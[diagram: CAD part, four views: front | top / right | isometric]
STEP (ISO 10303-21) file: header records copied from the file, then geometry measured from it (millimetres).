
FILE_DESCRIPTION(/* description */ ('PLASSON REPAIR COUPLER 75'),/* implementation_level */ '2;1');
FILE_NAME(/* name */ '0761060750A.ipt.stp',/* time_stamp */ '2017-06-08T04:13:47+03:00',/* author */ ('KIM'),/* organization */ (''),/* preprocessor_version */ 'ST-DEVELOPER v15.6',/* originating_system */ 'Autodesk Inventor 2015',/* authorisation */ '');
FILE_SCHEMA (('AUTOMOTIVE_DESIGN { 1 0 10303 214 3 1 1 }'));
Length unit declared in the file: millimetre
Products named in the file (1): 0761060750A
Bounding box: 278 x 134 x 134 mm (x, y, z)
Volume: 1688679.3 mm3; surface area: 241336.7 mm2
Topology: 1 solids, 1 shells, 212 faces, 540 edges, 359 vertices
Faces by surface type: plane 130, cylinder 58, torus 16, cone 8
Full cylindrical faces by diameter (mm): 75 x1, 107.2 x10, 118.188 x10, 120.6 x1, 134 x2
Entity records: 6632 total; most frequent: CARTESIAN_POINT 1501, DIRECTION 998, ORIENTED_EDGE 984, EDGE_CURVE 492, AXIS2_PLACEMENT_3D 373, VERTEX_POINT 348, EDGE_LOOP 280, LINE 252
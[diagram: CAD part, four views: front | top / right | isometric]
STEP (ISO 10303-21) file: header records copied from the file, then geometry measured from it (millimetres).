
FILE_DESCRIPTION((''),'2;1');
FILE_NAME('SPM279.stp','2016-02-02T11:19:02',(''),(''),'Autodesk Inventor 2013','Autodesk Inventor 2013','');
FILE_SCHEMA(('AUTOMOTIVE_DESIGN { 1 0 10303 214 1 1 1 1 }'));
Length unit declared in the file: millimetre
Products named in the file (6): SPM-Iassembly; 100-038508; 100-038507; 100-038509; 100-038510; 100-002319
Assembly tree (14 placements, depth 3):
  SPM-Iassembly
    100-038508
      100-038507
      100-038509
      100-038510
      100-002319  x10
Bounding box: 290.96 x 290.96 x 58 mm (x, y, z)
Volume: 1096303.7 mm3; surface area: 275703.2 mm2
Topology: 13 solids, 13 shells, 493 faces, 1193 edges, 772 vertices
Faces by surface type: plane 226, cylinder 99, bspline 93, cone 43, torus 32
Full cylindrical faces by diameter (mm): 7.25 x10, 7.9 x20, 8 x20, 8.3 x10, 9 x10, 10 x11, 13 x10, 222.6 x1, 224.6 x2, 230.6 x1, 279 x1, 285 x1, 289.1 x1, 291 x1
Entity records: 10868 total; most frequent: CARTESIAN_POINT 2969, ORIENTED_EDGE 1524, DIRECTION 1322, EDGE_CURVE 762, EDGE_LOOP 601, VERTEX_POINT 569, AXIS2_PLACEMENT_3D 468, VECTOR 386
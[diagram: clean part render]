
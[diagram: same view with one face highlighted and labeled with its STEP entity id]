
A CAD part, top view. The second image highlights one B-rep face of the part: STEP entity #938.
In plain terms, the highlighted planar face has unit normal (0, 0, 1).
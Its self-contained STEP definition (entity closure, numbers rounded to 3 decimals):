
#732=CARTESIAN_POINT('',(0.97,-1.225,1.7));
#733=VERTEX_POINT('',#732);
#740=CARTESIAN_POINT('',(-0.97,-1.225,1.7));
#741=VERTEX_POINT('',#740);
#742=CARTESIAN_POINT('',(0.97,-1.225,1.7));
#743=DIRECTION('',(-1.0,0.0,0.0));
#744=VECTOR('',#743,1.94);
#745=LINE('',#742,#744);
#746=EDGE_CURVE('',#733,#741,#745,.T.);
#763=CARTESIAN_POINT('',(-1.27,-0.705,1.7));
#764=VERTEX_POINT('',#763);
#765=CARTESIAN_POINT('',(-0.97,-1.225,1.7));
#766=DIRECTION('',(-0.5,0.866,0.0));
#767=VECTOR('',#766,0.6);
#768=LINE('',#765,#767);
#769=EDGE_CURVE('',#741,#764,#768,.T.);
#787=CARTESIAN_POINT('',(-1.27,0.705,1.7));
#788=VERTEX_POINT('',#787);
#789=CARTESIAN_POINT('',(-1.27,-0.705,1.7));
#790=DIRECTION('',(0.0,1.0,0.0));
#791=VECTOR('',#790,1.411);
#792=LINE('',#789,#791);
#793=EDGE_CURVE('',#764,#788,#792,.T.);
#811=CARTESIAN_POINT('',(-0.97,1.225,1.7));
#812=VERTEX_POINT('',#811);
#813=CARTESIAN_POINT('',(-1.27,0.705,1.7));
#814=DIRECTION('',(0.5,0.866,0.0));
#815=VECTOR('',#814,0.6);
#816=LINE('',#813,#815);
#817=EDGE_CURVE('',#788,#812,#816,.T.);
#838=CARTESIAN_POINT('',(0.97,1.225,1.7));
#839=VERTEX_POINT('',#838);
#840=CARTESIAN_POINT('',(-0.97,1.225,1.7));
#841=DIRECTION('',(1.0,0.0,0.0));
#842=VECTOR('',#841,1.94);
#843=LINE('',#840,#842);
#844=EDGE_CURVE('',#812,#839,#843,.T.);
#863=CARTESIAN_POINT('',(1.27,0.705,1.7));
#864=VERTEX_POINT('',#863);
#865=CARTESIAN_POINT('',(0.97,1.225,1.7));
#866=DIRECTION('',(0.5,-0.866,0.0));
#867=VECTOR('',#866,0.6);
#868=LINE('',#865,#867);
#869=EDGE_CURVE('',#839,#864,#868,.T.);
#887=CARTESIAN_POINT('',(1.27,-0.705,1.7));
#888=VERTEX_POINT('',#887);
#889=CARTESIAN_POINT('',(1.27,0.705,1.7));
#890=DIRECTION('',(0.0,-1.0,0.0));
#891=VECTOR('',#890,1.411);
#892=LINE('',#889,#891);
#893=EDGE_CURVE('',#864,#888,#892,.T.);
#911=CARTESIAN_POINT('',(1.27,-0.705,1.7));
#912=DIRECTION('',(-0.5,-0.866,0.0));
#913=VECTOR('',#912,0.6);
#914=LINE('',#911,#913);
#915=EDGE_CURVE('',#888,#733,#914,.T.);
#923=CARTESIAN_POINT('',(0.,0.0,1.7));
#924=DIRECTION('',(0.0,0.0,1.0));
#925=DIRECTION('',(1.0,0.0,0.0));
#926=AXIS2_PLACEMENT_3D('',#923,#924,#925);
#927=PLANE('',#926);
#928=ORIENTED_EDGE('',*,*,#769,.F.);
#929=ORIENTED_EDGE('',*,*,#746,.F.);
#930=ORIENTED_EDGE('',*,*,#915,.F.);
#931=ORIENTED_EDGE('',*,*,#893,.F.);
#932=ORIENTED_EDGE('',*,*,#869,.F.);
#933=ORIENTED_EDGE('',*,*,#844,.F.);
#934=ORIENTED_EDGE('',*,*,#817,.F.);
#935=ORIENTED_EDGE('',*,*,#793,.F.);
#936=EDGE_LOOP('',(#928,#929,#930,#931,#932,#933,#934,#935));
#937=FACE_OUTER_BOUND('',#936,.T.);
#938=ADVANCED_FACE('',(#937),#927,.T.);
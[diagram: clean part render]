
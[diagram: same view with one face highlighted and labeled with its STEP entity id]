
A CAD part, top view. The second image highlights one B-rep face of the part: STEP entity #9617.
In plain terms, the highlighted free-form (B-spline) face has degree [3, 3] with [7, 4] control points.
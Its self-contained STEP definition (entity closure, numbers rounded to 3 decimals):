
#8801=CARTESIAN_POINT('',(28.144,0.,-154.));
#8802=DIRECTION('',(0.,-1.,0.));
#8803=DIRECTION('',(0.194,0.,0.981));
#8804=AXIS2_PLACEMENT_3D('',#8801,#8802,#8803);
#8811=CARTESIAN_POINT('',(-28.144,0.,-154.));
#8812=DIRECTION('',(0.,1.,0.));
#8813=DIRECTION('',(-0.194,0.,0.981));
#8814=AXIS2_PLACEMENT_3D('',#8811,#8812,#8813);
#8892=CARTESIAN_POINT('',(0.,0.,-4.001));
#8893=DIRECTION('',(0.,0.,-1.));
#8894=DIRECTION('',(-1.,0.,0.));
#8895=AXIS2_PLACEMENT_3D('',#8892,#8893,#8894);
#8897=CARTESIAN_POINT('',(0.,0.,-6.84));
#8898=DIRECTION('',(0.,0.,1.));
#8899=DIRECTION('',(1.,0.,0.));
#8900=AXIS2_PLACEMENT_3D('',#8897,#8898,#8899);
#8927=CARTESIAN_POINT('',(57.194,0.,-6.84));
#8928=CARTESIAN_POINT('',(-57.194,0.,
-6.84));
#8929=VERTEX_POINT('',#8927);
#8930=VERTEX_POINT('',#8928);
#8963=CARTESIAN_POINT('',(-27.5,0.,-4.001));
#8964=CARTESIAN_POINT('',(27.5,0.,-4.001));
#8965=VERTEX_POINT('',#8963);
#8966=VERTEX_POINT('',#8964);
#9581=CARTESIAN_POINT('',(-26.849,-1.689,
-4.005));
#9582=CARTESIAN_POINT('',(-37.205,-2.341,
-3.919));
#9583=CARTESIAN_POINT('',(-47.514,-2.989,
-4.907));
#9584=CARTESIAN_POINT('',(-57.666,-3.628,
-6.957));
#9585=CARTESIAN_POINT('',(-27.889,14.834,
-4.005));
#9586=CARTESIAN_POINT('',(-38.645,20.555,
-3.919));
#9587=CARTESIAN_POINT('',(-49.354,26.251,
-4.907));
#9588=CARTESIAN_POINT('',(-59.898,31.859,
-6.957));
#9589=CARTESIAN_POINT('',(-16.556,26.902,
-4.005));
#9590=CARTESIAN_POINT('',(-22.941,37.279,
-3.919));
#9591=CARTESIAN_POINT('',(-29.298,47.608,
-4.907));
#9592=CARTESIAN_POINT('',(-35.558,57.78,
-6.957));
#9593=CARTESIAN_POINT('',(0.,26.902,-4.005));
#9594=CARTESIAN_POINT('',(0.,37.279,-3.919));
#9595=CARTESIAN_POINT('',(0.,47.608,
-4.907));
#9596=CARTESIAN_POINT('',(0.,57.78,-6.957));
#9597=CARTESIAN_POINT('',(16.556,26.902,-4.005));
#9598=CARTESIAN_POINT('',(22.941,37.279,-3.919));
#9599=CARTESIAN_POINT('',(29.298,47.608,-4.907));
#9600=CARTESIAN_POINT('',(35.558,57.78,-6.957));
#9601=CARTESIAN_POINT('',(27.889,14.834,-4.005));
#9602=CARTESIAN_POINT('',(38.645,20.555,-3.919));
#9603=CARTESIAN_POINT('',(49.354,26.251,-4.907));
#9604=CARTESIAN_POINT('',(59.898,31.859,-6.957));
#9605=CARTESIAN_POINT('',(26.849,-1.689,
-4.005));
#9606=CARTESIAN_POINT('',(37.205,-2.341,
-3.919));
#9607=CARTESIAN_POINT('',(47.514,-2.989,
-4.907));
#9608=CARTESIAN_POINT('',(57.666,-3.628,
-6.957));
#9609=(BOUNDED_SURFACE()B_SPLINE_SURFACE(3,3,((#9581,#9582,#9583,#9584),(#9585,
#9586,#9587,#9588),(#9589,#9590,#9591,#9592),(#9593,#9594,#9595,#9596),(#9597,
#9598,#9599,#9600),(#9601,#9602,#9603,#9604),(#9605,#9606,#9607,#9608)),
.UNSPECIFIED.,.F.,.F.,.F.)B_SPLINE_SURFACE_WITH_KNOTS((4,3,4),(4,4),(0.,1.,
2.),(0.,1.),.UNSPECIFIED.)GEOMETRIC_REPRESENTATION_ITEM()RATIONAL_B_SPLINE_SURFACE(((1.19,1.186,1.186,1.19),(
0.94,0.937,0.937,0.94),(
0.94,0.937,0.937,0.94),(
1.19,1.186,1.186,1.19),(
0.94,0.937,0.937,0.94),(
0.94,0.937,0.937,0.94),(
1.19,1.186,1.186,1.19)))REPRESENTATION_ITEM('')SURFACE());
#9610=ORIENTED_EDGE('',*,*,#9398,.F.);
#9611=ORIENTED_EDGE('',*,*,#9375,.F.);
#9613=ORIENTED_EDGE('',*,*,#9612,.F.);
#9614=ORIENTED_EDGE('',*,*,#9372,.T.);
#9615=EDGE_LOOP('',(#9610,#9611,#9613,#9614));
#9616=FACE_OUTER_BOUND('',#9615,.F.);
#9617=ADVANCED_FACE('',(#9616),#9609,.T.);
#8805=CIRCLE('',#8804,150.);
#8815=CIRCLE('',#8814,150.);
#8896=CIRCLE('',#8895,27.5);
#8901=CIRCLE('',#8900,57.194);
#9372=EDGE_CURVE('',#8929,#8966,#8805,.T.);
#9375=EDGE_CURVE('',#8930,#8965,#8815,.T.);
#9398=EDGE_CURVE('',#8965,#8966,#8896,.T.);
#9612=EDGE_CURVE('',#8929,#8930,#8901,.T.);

- **What you will do**:
Print exactly the lines above, between the one holding "#767=VECTOR('',#766,0.6);" and the one holding "#791=VECTOR('',#790,1.411);", inclusive, and nothing besides.

- **Completed task**:
#767=VECTOR('',#766,0.6);
#768=LINE('',#765,#767);
#769=EDGE_CURVE('',#741,#764,#768,.T.);
#787=CARTESIAN_POINT('',(-1.27,0.705,1.7));
#788=VERTEX_POINT('',#787);
#789=CARTESIAN_POINT('',(-1.27,-0.705,1.7));
#790=DIRECTION('',(0.0,1.0,0.0));
#791=VECTOR('',#790,1.411);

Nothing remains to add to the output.